Kinderdarsteller sind ja oft deshalb so überzeugend in ihren Rollen, weil die Macher ganz einfach Ewigkeiten gesucht haben, um ein Kind zu finden, das eh perfekt zu dem Part passt, weshalb dann auch gar nicht mehr so wahnsinnig viel geschauspielert werden muss. Aber Benni rastet innerhalb von Sekundenbruchteilen aus, als wäre in ihrem zarten Körper einfach nur ein Schalter umgelegt worden - das geschieht mitunter so schnell, dass man auch als Zuschauer vollkommen von der Situation überfordert ist. Das ist nicht nur eine grandiose Leistung, sondern eine grandiose Schauspielleistung - ein Lob, mit dem wir gerade bei Kinderdarstellern sehr, sehr vorsichtig umgehen.
An einer Stelle des Films entscheidet Michael, dass er den Fall abgeben will - und zwar nicht, weil Benni ihm zu krass ist, sondern weil er Rettungsphantasien entwickelt, die er einfach nicht mehr abschütteln kann und die ihm einen professionellen Umgang mit der Situation unmöglich machen. Das wird auch einem Großteil des Publikums nicht anders gehen: Würde man die Zuschauer an verschiedenen Stellen des Films befragen, ob sie jetzt lieber ein klassisches Happy End sehen wollen, bei dem Benni vielleicht doch einfach bei Michael einzieht oder sogar zu ihrer Mutter zurückkehren kann, würde mit Sicherheit eine überwältigende Mehrheit dafür stimmen.
Aber während wir uns womöglich gehen lassen würden, bewahrt Fingscheidt zum Glück die nötige Professionalität und begegnet ihren Figuren zwar mit der größtmöglichen Empathie, aber auch ohne jeden Anflug von falscher Sentimentalität. Eine Wahnsinnsleistung.
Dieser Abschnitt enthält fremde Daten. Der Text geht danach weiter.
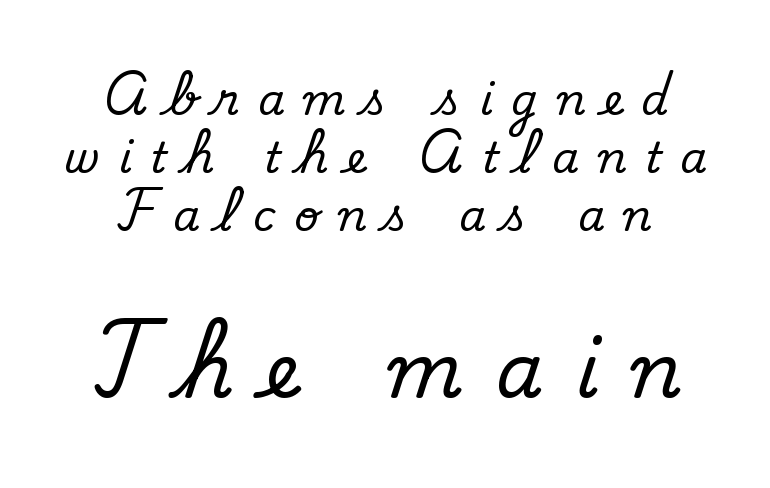
Q: Is the text bold? A: No.
Q: Is the typeface a serif or a sans-serif typeface? A: Sans-serif.
Q: Is the text underlined? A: No.
Q: Is the spacing between letters normal or unusually wide? A: Unusually wide.
Q: Is the spacing between lines tight, normal or loose? A: Normal.
Q: Which block of text is set in a larger size, the first (top) or the second (bottom)? A: The second (bottom) one.
Q: Width (condensed, normal, or wide)? A: Normal.
Q: Stroke contrast? A: Low.
Q: x-height? A: Small.
Q: Monospaced? A: No.
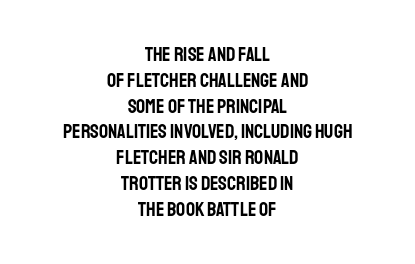
{"italic": "no", "underline": "no", "align": "center", "line_spacing": "normal", "line_spacing_ratio": 1.29, "letter_spacing": "normal", "letter_spacing_em": 0.0, "glyph_px": 20}

Schließlich hätte sie das, was jeder im dunklen Kinosaal unbedingt will, nämlich Benni vor sich selbst und ihren Traumata zu retten, mit einem einzigen Fingerschnipsen schaffen können. Aber dafür hätte sie die Integrität ihres herausragenden Drehbuchs zerstören, ihre eigentliche Geschichte verraten müssen.
Fazit: „Systemsprenger“ beschönigt nichts, liefert keine einfachen Antworten, geht da hin, wo es weh tut - und trotzdem ist das Spielfilmdebüt von Nora Fingscheidt alles andere als ein trockener Problemfilm, sondern eine mitreißende, berührende Leinwand-Tour-de-Force, in der das Kinopublikum die Machtlosigkeit aller Beteiligten am eigenen Körper zu spüren bekommt.
Wir haben „Systemsprenger“ im Rahmen der Berlinale 2019 gesehen, wo er im offiziellen Wettbewerb gezeigt wurde.